Top of Record excerpts
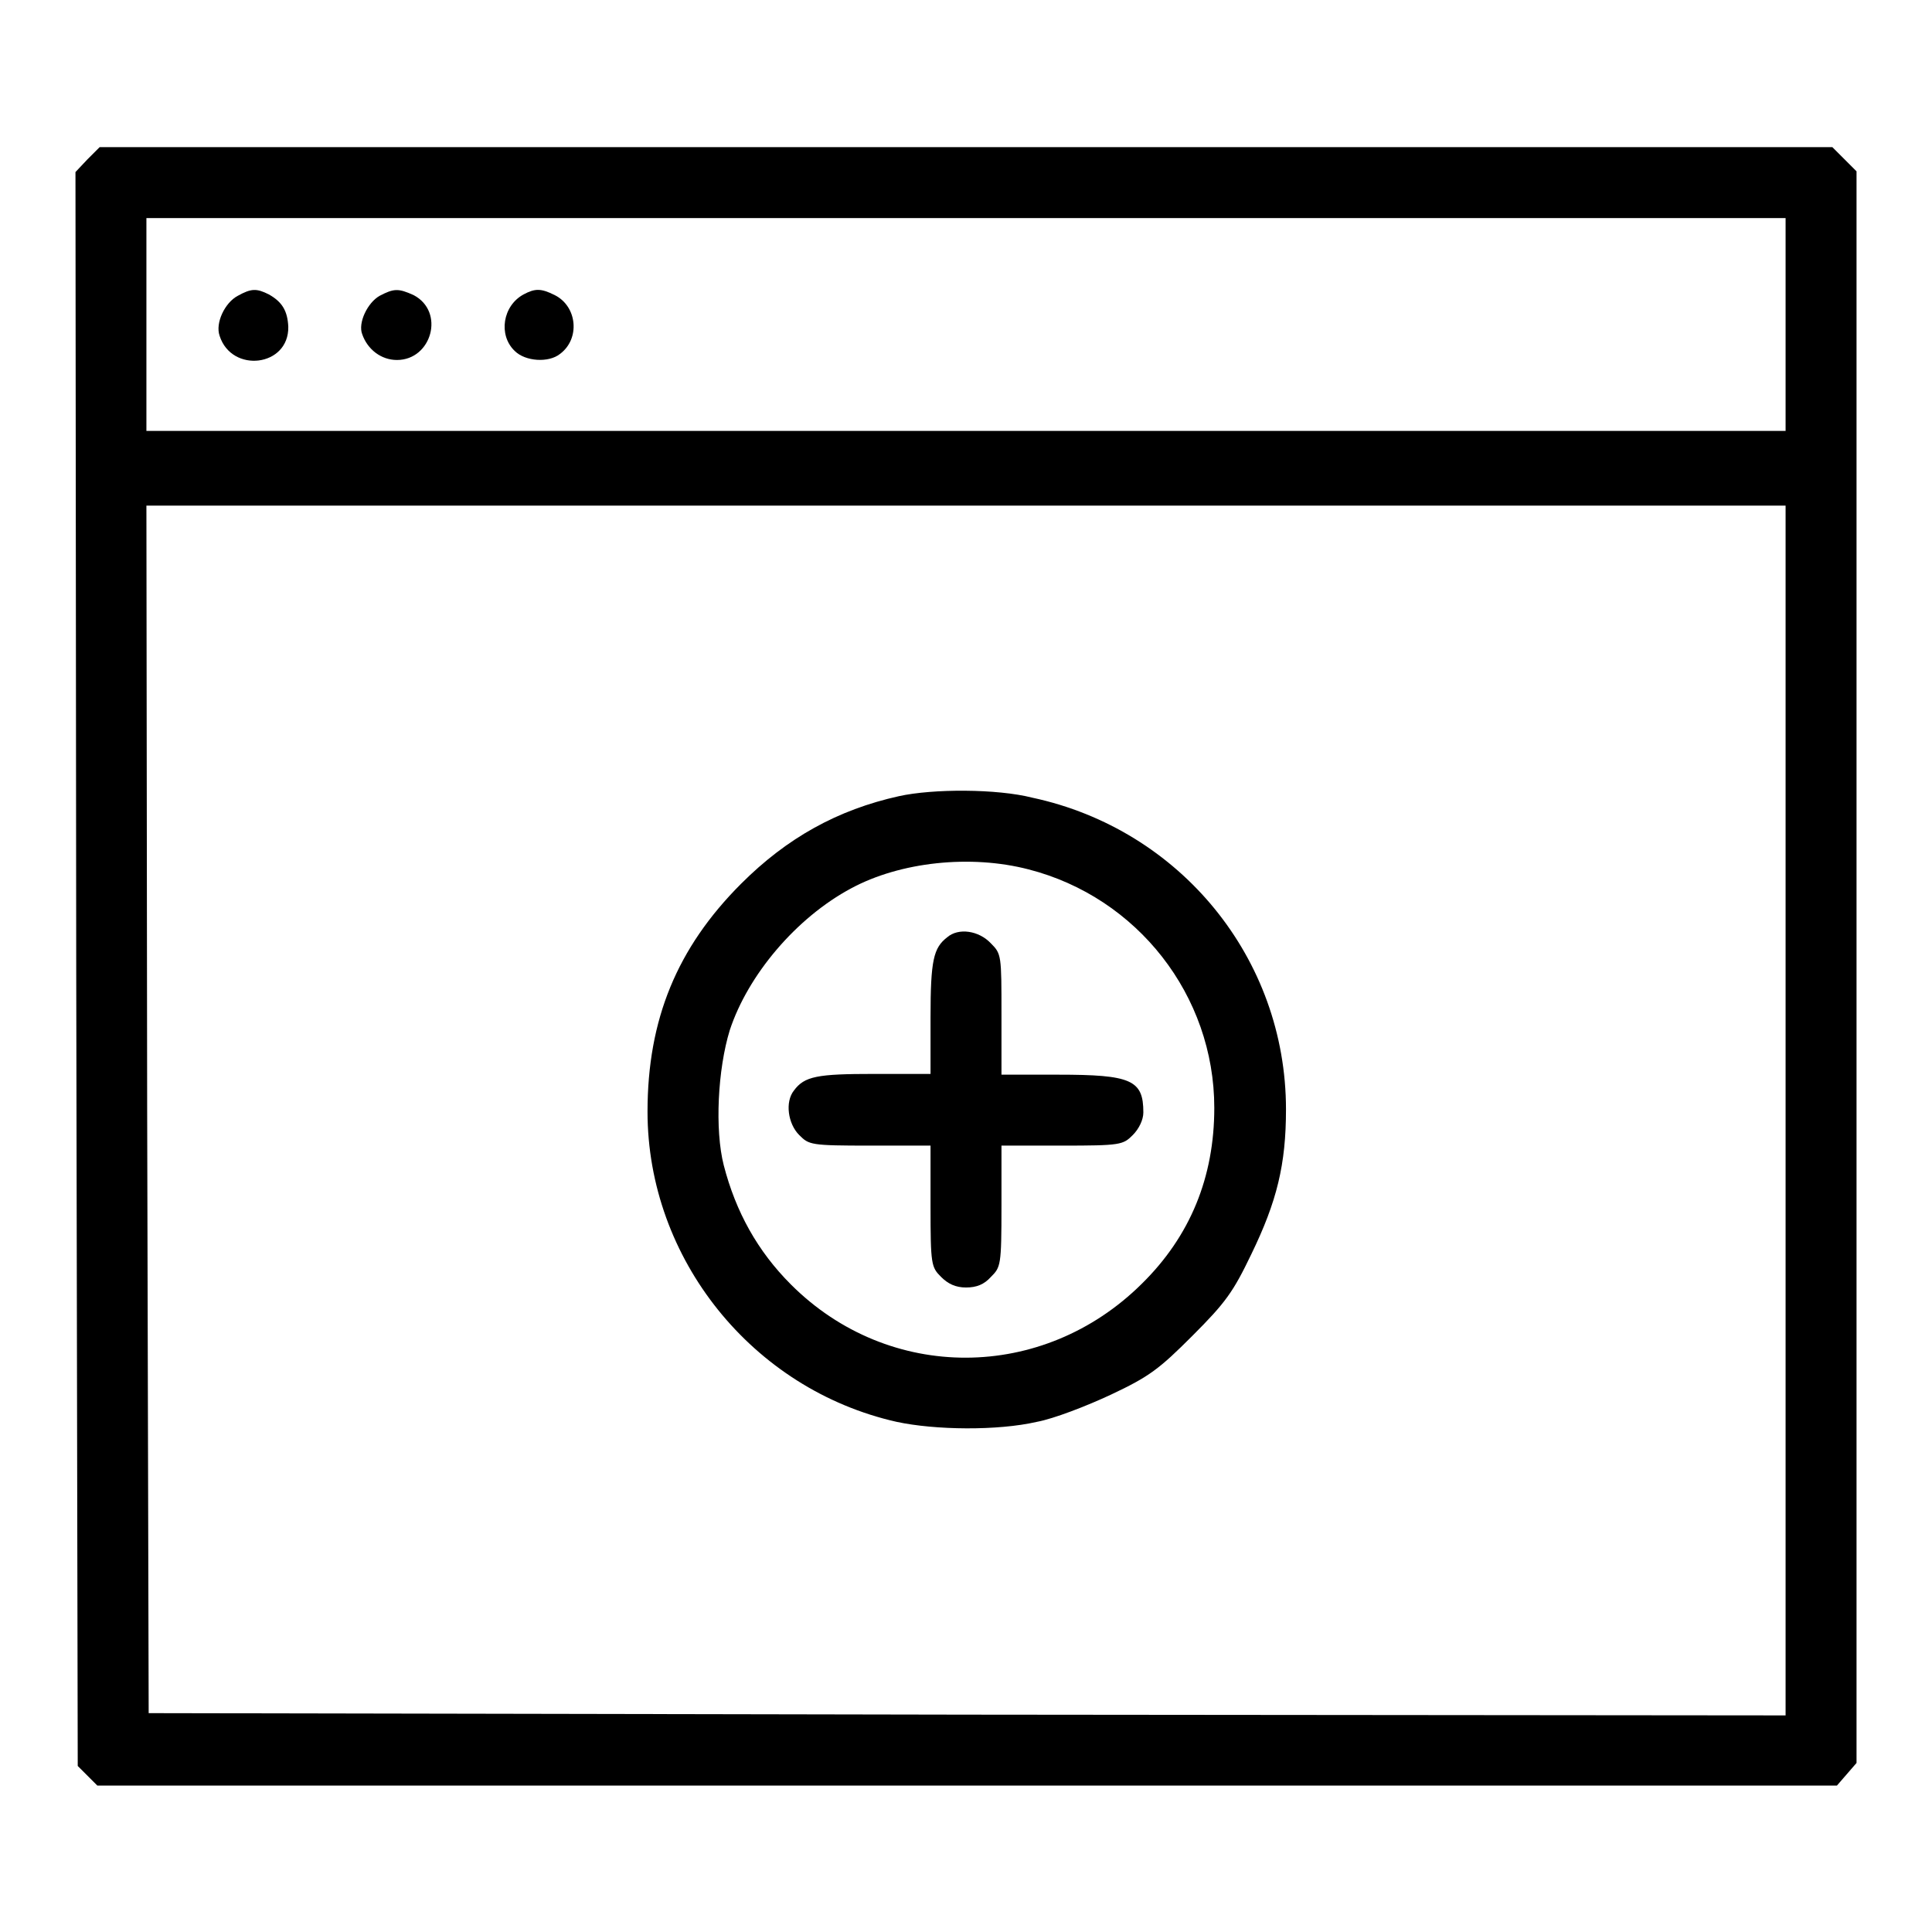 <?xml version="1.0" encoding="utf-8"?>
<!-- Svg Vector Icons : http://www.onlinewebfonts.com/icon -->
<!DOCTYPE svg PUBLIC "-//W3C//DTD SVG 1.1//EN" "http://www.w3.org/Graphics/SVG/1.1/DTD/svg11.dtd">
<svg version="1.1" xmlns="http://www.w3.org/2000/svg" xmlns:xlink="http://www.w3.org/1999/xlink" x="0px" y="0px" viewBox="0 0 256 256" enable-background="new 0 0 256 256" xml:space="preserve">
<g><g><g><path fill="#000000" d="M11.6,21.1L10,22.8l0.1,105.6l0.2,105.6l1.3,1.3l1.3,1.3h115.2h115.3l1.3-1.5l1.3-1.5V128.1V22.7l-1.6-1.6l-1.6-1.6H128H13.2L11.6,21.1z M236.6,43v14.1H128H19.4V43V28.9H128h108.6V43z M236.6,147.2v80.1l-108.4-0.1l-108.5-0.2l-0.2-80l-0.1-80H128h108.6V147.2z"/><path fill="#000000" d="M31.5,39.2c-1.7,0.9-3,3.6-2.4,5.3c1.6,5,9.2,4.1,9.1-1.2c-0.1-2.1-0.8-3.3-2.6-4.3C34,38.2,33.3,38.2,31.5,39.2z"/><path fill="#000000" d="M50.3,39.2c-1.6,0.9-2.9,3.6-2.3,5.1c0.7,2,2.5,3.4,4.6,3.4c4.6,0,6.4-6.4,2.2-8.6C52.8,38.2,52.2,38.2,50.3,39.2z"/><path fill="#000000" d="M69.4,39c-2.8,1.5-3.4,5.4-1.2,7.5c1.4,1.4,4.5,1.6,6,0.4c2.7-2,2.3-6.3-0.7-7.8C71.7,38.2,70.9,38.2,69.4,39z"/><path fill="#000000" d="M119.1,105.5c-8.1,1.8-14.8,5.5-20.9,11.6c-8.5,8.5-12.4,18-12.4,30.2c0,19.5,13.9,36.8,33,41.1c5.1,1.1,13.4,1.2,18.6,0c2.2-0.4,6.6-2.1,9.8-3.6c5.1-2.4,6.4-3.4,10.8-7.8c4.4-4.4,5.4-5.8,7.8-10.8c3.4-7,4.6-11.9,4.6-19.2c0-20-14-37.1-33.6-41.3C132.1,104.5,123.6,104.5,119.1,105.5z M136.3,115.2c14.4,3.7,24.6,16.7,24.6,31.6c0,9.2-3.2,17-9.6,23.3c-13.1,13-33.5,13.1-46.5,0.1c-4.4-4.4-7.3-9.6-8.9-15.8c-1.2-4.7-0.8-12.7,0.8-17.9c2.4-7.3,8.8-14.9,16.1-18.8C119.3,114.2,128.6,113.2,136.3,115.2z"/><path fill="#000000" d="M125.5,124.2c-1.8,1.4-2.2,3-2.2,10.6v7.5h-7.5c-7.5,0-9.2,0.3-10.6,2.2c-1.2,1.5-0.8,4.4,0.7,5.9c1.3,1.3,1.5,1.4,9.4,1.4h8v8c0,7.8,0.1,8.1,1.4,9.4c0.9,0.9,1.9,1.4,3.3,1.4c1.4,0,2.4-0.4,3.3-1.4c1.3-1.3,1.4-1.5,1.4-9.4v-8h8c7.8,0,8.1-0.1,9.4-1.4c0.8-0.8,1.4-2,1.4-3c0-4.3-1.6-5-11.3-5h-7.5v-8c0-7.8,0-8-1.4-9.4C129.7,123.3,127,122.9,125.5,124.2z"/></g></g></g>
</svg>
Bottom of Record excerpts
The task: Wherever the string "http" occurs in the records, copy the line it is in.

Written reply:
<!-- Svg Vector Icons : http://www.onlinewebfonts.com/icon -->
<!DOCTYPE svg PUBLIC "-//W3C//DTD SVG 1.1//EN" "http://www.w3.org/Graphics/SVG/1.1/DTD/svg11.dtd">
<svg version="1.1" xmlns="http://www.w3.org/2000/svg" xmlns:xlink="http://www.w3.org/1999/xlink" x="0px" y="0px" viewBox="0 0 256 256" enable-background="new 0 0 256 256" xml:space="preserve">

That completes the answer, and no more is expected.